For many, open source means customizing the code.  Custom is great, you make the program do exactly what you want.

But custom comes with a down side: maintenance.  Once you customize an opensource project, it’s yours!  When an update/patch is released for the package, you now need to redo all the changes you made.  On a small plugin, that may not be a big deal, but on a large code base like it can be a major time investment.  When you consider that most of the major opensource projects release new versions and or security patches 4-8 times a year, redo can become unmanageable.

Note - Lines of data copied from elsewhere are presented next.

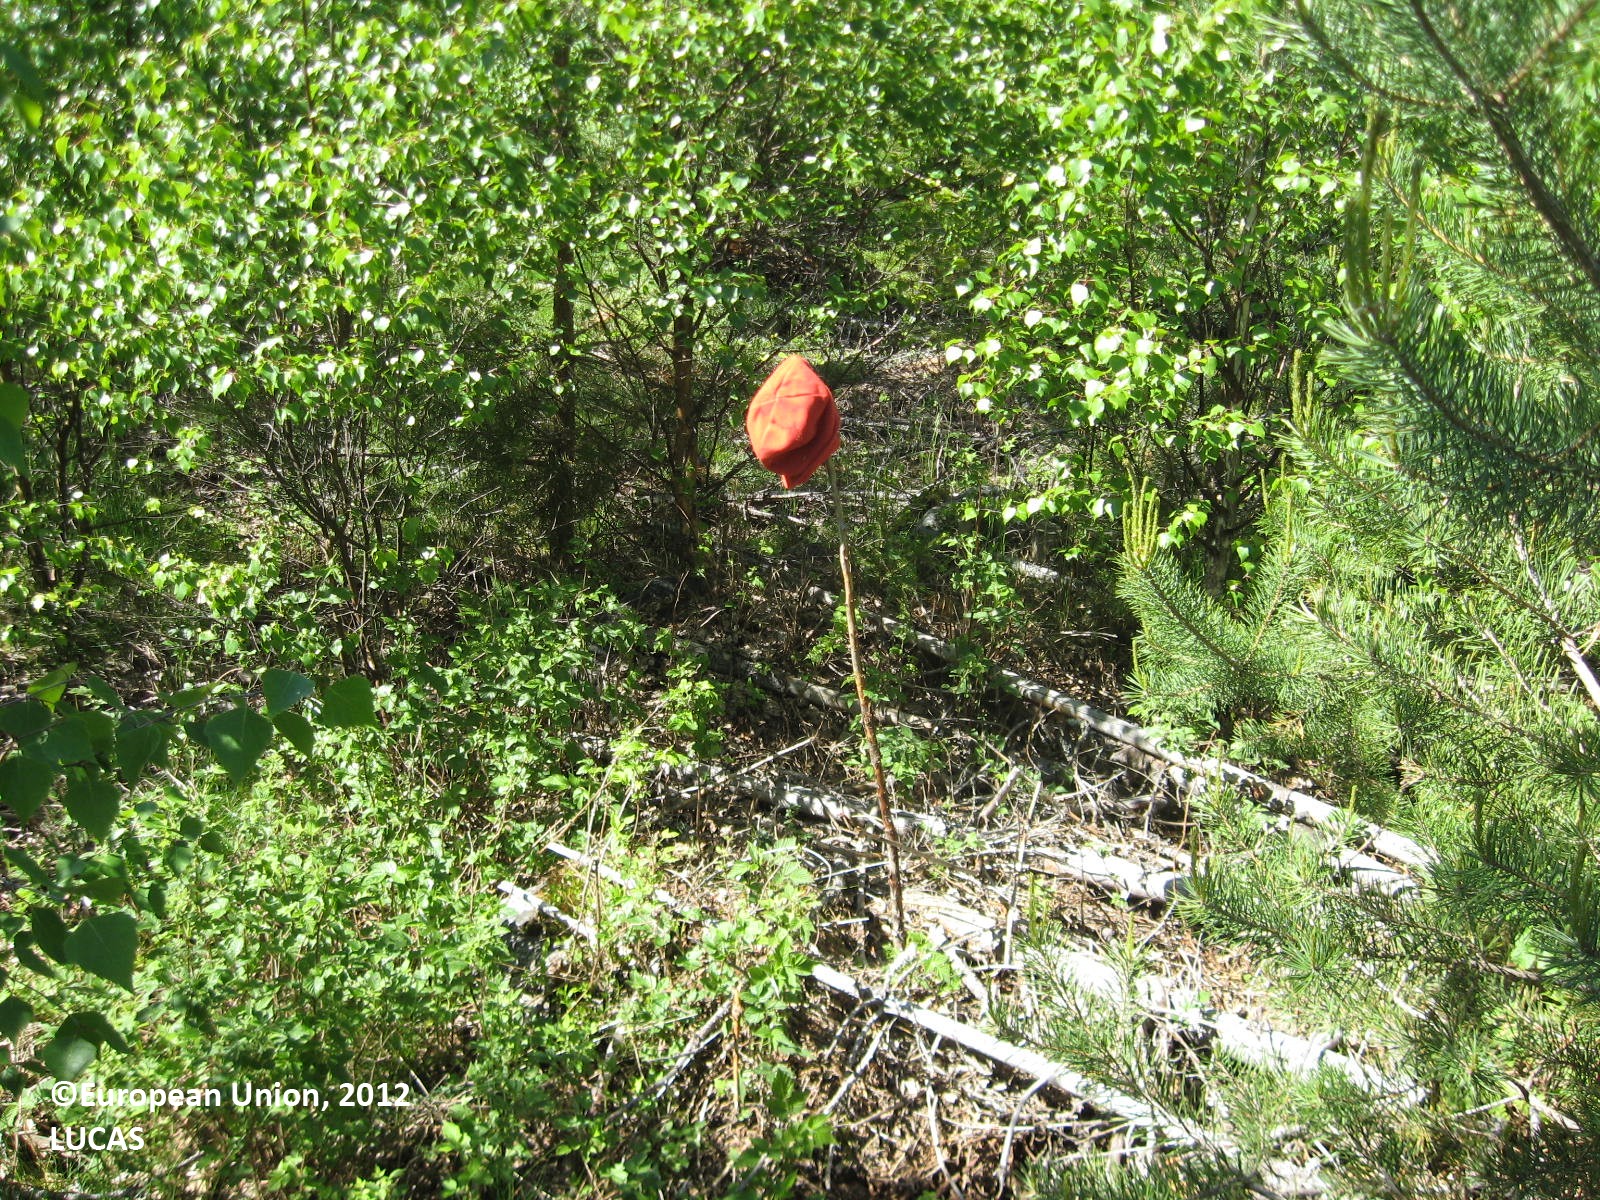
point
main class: Woodland
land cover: Pine dominated mixed woodland
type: boreal forest
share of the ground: > 75 %
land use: Forestry
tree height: < 5 m
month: June
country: FI
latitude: 62.7987
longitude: 21.1558

My thought is that open source should be thought of as open for developers, closed for users (consumers) of published packages, like Joomla and WordPress, which are usually just installed and used.  Sometimes a rethink on usage is in order.  Many customizations I have been asked to do could be avoided by changing processes, requirements, or specs that don’t really impact the end result.  Rememeber, just because you can, doesn’t mean you should!

While it can make the initial customization more difficult, make sure that any custom work is done as a plugin/extension if you can’t change the specs.  That way it is likely that all except major upgrades will be painless.